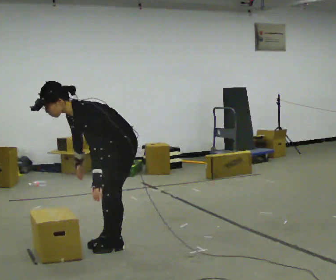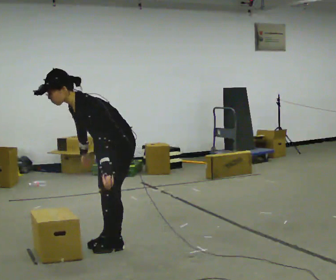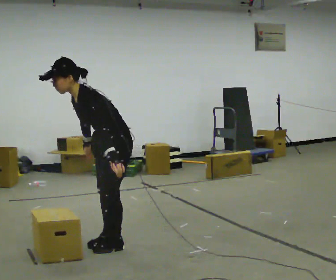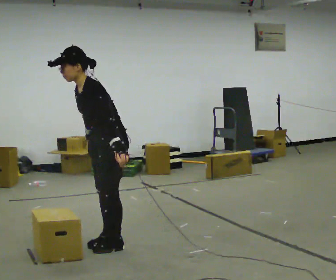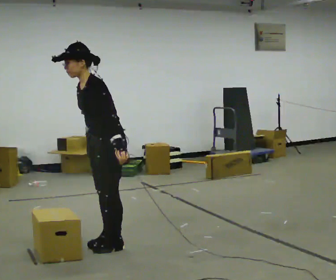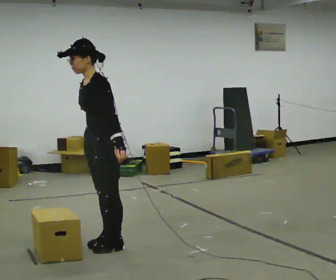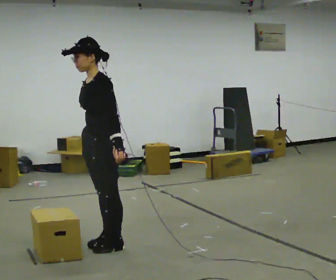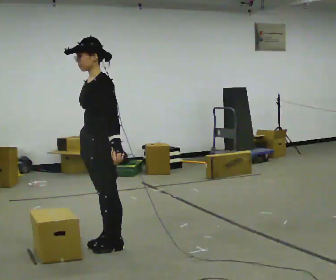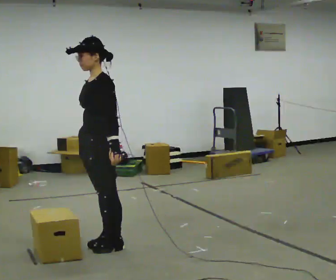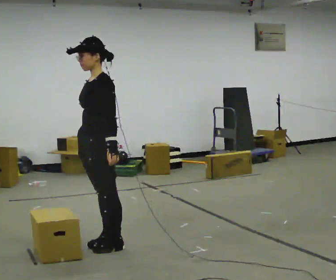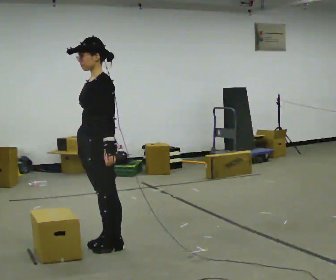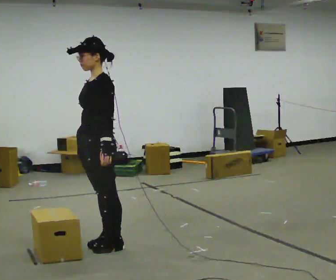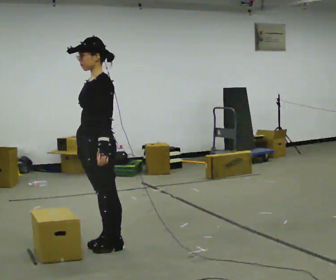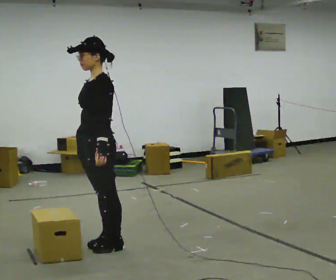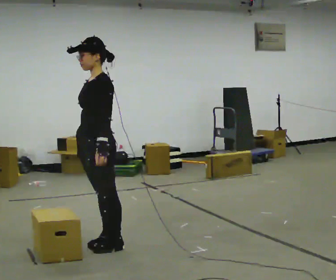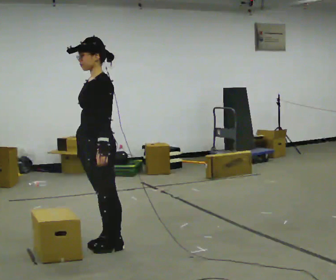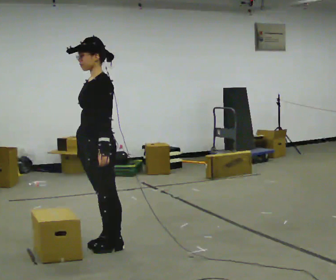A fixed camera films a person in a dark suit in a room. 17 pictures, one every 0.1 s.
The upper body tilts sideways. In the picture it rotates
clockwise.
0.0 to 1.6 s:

---

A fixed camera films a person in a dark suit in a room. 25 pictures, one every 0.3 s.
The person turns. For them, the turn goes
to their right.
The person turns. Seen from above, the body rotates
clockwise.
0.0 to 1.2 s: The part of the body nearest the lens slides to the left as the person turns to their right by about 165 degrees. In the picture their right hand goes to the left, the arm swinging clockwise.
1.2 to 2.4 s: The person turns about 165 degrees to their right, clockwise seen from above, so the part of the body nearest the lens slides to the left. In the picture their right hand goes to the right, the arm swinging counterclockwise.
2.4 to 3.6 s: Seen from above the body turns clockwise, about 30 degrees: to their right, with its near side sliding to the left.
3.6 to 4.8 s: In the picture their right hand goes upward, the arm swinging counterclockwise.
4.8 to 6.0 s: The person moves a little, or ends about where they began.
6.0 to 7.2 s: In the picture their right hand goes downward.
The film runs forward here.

--

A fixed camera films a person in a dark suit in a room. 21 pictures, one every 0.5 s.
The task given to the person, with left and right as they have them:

» **WORK INSTRUCTION**
The entries above hold the needed span. Transcribe exactly the lines from the one with "every 0.5 s." to the one with "The task given", both included.

» **ANSWER FOR THIS EXERCISE**
A fixed camera films a person in a dark suit in a room. 21 pictures, one every 0.5 s.
The task given to the person, with left and right as they have them:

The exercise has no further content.